*** Material supplied ***

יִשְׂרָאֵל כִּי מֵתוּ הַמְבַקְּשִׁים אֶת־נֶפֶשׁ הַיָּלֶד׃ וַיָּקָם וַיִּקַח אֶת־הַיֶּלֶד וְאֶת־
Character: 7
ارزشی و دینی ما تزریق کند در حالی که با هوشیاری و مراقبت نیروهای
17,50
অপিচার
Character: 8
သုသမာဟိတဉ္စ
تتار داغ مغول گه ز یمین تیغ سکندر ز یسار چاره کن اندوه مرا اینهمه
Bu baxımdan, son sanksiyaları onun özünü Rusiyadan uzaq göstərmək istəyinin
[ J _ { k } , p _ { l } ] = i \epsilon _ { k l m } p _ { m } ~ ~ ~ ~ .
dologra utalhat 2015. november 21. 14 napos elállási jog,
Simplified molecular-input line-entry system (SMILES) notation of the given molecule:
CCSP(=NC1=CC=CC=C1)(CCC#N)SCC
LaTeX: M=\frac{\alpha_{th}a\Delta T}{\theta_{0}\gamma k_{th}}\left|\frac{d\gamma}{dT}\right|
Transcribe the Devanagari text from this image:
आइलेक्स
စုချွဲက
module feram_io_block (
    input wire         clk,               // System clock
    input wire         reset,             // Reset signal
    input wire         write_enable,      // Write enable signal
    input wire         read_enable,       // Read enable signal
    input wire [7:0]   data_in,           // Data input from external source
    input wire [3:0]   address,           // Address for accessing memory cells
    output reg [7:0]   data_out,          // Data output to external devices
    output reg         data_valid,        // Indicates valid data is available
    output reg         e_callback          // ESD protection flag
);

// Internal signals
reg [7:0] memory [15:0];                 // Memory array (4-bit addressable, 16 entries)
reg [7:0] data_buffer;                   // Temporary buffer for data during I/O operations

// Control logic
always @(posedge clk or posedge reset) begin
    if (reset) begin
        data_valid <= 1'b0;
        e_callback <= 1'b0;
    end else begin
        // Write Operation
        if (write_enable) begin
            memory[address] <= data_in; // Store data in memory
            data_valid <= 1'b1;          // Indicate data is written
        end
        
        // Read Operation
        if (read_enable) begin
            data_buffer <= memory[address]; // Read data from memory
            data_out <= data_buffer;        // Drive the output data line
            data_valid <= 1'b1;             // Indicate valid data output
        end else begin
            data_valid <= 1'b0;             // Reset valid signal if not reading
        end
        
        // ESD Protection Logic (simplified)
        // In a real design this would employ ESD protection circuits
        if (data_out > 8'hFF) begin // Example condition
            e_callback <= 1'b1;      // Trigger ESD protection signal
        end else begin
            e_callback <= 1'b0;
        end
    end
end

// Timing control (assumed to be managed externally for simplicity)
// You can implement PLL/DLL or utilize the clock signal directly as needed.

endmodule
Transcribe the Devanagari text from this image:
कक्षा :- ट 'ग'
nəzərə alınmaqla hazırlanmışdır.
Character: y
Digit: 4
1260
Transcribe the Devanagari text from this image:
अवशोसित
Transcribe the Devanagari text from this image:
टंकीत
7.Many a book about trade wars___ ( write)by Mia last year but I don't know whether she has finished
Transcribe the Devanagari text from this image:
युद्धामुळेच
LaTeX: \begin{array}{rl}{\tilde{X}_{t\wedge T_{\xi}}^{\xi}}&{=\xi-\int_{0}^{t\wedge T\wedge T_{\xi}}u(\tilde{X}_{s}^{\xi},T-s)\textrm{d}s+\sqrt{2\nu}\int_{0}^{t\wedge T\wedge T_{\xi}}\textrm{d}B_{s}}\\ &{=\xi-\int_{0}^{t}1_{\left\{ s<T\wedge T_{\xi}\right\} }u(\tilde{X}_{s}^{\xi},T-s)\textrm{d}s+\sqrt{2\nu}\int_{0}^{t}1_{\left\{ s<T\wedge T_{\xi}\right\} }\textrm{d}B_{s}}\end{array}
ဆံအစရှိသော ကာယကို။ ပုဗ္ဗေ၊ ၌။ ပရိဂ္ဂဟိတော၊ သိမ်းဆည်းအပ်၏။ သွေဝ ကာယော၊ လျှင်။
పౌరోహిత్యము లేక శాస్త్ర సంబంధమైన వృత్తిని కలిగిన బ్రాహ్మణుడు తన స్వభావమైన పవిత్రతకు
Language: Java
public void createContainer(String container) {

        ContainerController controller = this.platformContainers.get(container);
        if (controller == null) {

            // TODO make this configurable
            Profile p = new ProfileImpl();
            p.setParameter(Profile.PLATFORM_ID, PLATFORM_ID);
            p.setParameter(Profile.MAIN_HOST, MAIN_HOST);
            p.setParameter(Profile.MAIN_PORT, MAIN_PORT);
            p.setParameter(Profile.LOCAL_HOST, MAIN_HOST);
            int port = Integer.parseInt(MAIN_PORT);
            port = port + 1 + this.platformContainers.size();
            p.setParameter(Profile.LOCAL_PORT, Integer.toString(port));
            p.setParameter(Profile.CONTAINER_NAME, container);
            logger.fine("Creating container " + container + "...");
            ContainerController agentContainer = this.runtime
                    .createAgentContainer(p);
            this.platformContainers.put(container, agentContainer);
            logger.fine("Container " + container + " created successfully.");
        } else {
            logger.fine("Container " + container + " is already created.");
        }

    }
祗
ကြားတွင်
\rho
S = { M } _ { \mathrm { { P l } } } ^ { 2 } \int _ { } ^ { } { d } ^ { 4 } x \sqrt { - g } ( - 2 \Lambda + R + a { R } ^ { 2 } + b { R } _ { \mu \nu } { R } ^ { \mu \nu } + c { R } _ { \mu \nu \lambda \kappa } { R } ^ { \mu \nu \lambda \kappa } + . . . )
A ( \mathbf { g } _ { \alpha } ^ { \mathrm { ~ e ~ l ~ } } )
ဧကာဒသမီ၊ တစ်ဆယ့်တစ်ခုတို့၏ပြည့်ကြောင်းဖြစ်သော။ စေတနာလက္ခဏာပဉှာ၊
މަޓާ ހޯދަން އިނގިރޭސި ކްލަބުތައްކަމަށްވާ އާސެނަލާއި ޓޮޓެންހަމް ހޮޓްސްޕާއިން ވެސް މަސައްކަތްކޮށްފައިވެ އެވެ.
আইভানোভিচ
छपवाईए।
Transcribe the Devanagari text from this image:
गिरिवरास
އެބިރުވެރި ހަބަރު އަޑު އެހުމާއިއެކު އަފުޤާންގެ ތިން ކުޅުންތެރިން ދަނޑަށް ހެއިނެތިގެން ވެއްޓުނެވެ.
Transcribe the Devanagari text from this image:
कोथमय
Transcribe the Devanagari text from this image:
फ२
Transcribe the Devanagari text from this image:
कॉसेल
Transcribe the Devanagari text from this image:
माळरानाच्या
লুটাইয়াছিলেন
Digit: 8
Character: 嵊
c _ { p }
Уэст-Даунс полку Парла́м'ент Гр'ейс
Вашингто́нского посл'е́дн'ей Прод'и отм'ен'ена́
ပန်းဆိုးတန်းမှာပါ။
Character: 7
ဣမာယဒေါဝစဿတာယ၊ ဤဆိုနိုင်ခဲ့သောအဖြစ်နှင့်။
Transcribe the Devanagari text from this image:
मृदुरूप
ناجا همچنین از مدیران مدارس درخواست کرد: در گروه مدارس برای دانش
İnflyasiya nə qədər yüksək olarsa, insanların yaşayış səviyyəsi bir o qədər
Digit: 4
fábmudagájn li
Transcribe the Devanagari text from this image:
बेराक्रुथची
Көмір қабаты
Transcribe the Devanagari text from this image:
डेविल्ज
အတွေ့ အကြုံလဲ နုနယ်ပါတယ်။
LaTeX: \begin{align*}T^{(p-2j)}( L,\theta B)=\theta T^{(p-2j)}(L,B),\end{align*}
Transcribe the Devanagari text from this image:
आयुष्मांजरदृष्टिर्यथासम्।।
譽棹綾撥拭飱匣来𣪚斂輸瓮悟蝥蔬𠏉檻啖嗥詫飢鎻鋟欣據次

*** End of Material supplied ***

▶ _Directions_
Each line that includes the string "created" should be copied from the data.

▶ _Output of the task_
            logger.fine("Container " + container + " created successfully.");
            logger.fine("Container " + container + " is already created.");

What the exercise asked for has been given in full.